WORK TASK - When you copy the data, keep every line exactly as written and skip the pictures.

RECORD EXTRACTS -
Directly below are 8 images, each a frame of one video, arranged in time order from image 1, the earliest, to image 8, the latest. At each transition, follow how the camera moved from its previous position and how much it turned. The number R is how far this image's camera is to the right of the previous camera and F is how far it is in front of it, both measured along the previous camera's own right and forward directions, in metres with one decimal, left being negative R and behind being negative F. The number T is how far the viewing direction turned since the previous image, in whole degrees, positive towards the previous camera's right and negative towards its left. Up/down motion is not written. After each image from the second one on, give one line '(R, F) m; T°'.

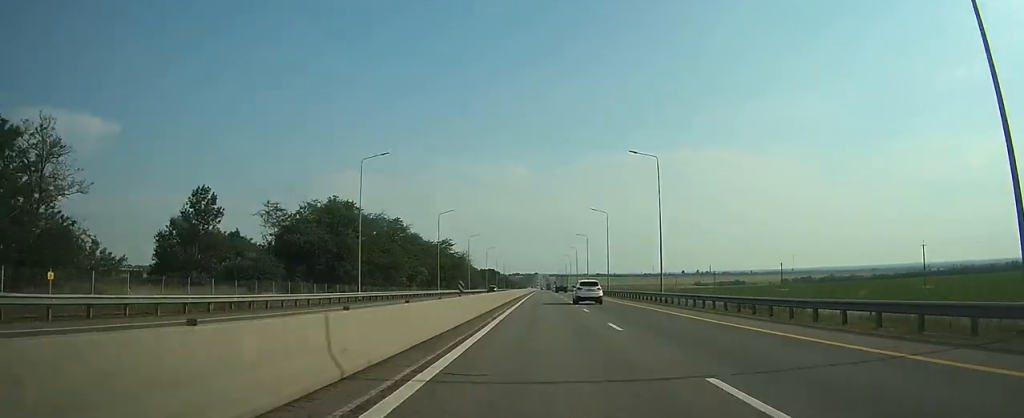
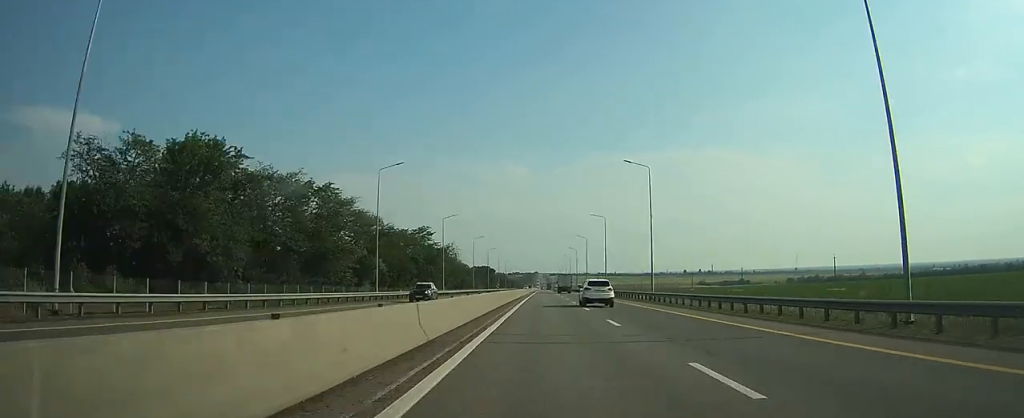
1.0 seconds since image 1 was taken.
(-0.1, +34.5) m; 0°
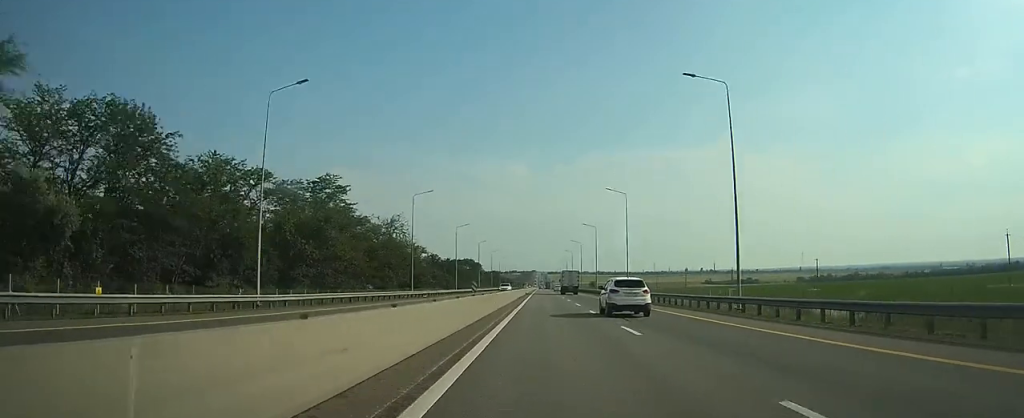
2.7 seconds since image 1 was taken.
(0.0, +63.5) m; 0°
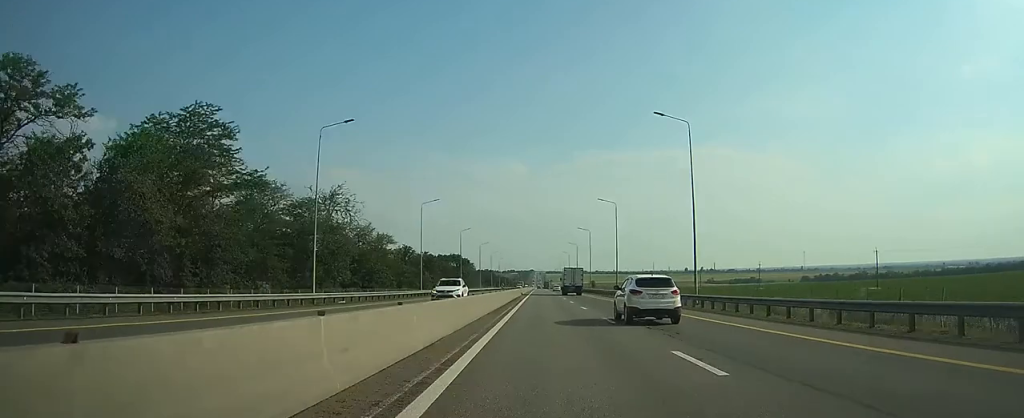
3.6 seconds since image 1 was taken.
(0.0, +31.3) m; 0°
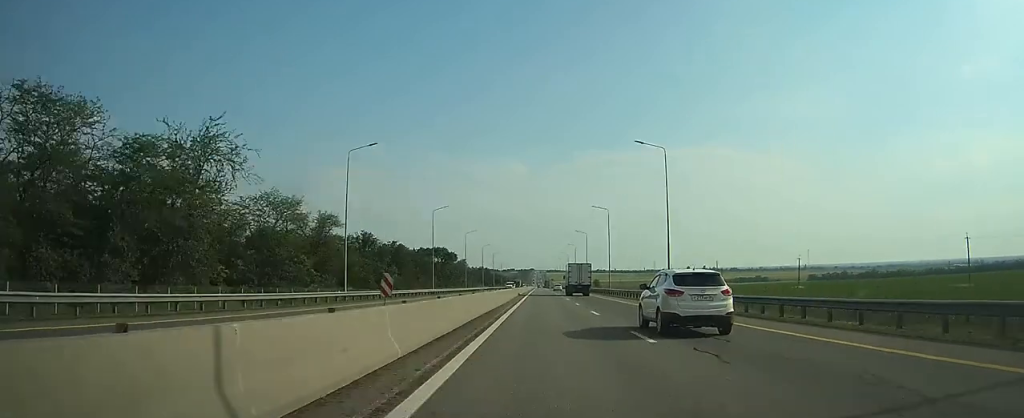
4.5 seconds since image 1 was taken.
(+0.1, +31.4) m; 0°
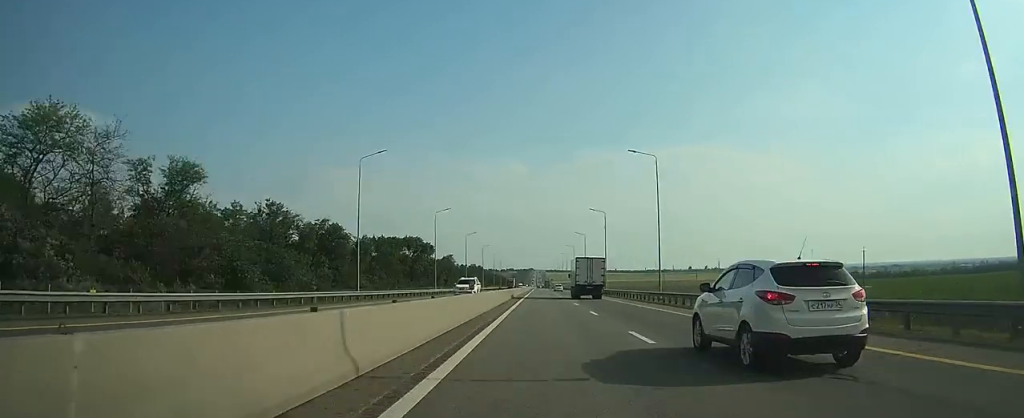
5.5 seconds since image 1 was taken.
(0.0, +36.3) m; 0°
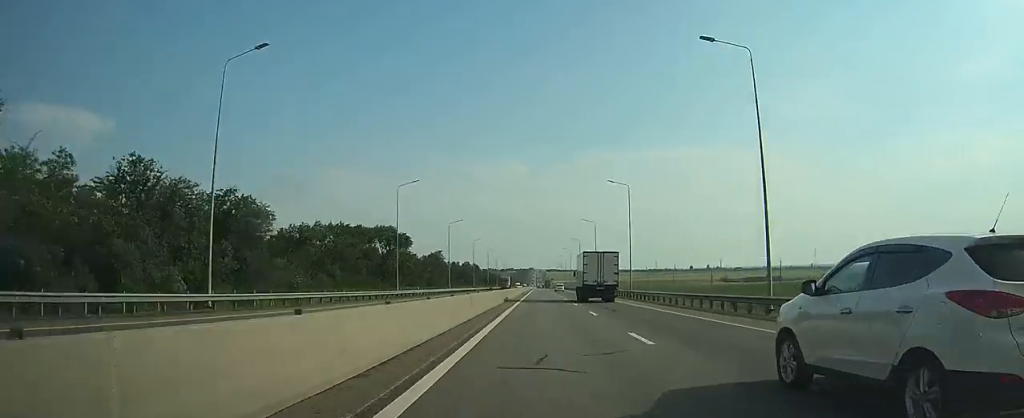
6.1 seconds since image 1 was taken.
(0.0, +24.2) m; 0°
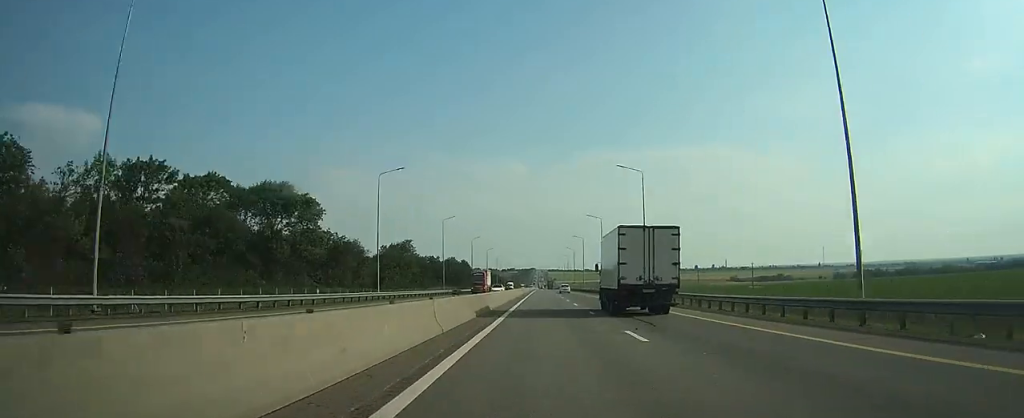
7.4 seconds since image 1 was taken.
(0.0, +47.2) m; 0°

RESPONSE TO THIS EXERCISE -
Directly below are 8 images, each a frame of one video, arranged in time order from image 1, the earliest, to image 8, the latest. At each transition, follow how the camera moved from its previous position and how much it turned. The number R is how far this image's camera is to the right of the previous camera and F is how far it is in front of it, both measured along the previous camera's own right and forward directions, in metres with one decimal, left being negative R and behind being negative F. The number T is how far the viewing direction turned since the previous image, in whole degrees, positive towards the previous camera's right and negative towards its left. Up/down motion is not written. After each image from the second one on, give one line '(R, F) m; T°'.

1.0 seconds since image 1 was taken.
(-0.1, +34.5) m; 0°
2.7 seconds since image 1 was taken.
(0.0, +63.5) m; 0°
3.6 seconds since image 1 was taken.
(0.0, +31.3) m; 0°
4.5 seconds since image 1 was taken.
(+0.1, +31.4) m; 0°
5.5 seconds since image 1 was taken.
(0.0, +36.3) m; 0°
6.1 seconds since image 1 was taken.
(0.0, +24.2) m; 0°
7.4 seconds since image 1 was taken.
(0.0, +47.2) m; 0°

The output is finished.